Niki tersenyum lebar, ia menyodorkan jari kelingking kearah Riyu, "aku berjanji!!!"
"Kak Niki!! terima kasih!!"
"Hey!! tak apa! asalkan kau juga berjanji untuk tetap semangat menjalani pengobatan!!"
"Mmm-hmmm!! Riyu berjanji!! Riyu akan mematuhi apapun perintah dokter!!"
"Anak baik!!!"
Niki ..., ternyata ia seramah ini?? dia bahkan tak sungkan untuk memeluk adikku??
Rosetta tertegun! gadis itu bahkan menjatuhkan air mata tanpa ia sadari atas senyum kebahagiaan yang diberikan oleh Niki pada sang adik,
"Rosetta!!?"
"Mmmm?? iya??! Niki-,"
"Maaf! aku tidak bisa berada disini lebih lama, aku-, harus segera pulang untuk-,"

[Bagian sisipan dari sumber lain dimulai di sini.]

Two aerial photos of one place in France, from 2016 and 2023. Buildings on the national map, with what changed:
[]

"Tak apa!! aku mengerti! Niki-, aku sungguh berterimakasih padamu,"
"Hey!! sudah lah!! ini bukan apa-apa!! yang terpenting sekarang adalah-, kesembuhan adikmu!! dan kau-, dirimu juga harus memikirkan kesehatan mu sendiri Rosetta!! jika memang kau membutuhkan sesuatu yang lain, jangan sungkan untuk memberitahu diriku!"
"Nak Niki-, saya sungguh tidak tahu bagaimana harus membalas kebaikan mu nak??!"

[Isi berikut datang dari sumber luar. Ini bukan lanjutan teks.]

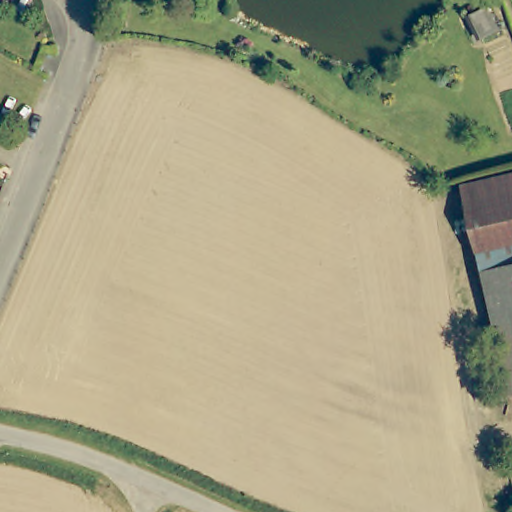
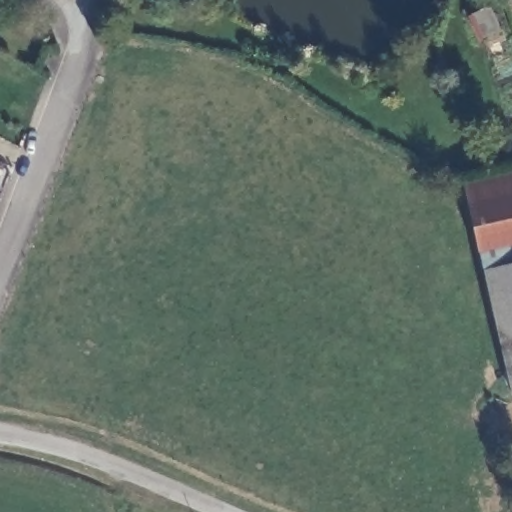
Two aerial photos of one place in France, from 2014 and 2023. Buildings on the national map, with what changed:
unchanged [(498,33),(480,42),(469,18),(488,10),(498,33)]
unchanged [(512,242),(483,249),(468,181),(512,172),(512,242)]
unchanged [(512,264),(512,369),(489,269),(512,264)]

"Bibi!! tidak!! tolong jangan seperti ini, bi!! berdirilah! saya mohon!!" Niki seketika menahan pergerakan ibu Rosetta yang hampir berlutut dihadapan nya,
"Rosetta telah bekerja keras serta mencari pinjaman kesana-kemari demi membiayai kebutuhan Riyu di rumah sakit ini, kami sungguh sempat putus asa, tapi Tuhan Maha Baik!! putriku memiliki teman dengan hati bak malaikat seperti dirimu, nak Niki! bibi sungguh sangat berterimakasih!!"
Niki ..., aku sungguh bahagia karena bisa mengenal dirimu!!
*****
"Haruskah aku mengantar mu sampai di lobby??!"
"Itu tidak perlu Rosetta!! masuklah!! aku bisa pulang sendiri!! kau tenang saja!!"
"Tunggu Niki!!"
"Mmmm??!!"
"Bukankah itu pria yang biasa mengantarkan dirimu saat berangkat ke garden shop??!"
"A-apa??!" pandangan Niki seketika tertuju ke arah dimana Rosetta menjulurkan jari telunjuk.
Nathan??!! dia juga ada disini??!! tapi-, apa dia sakit??!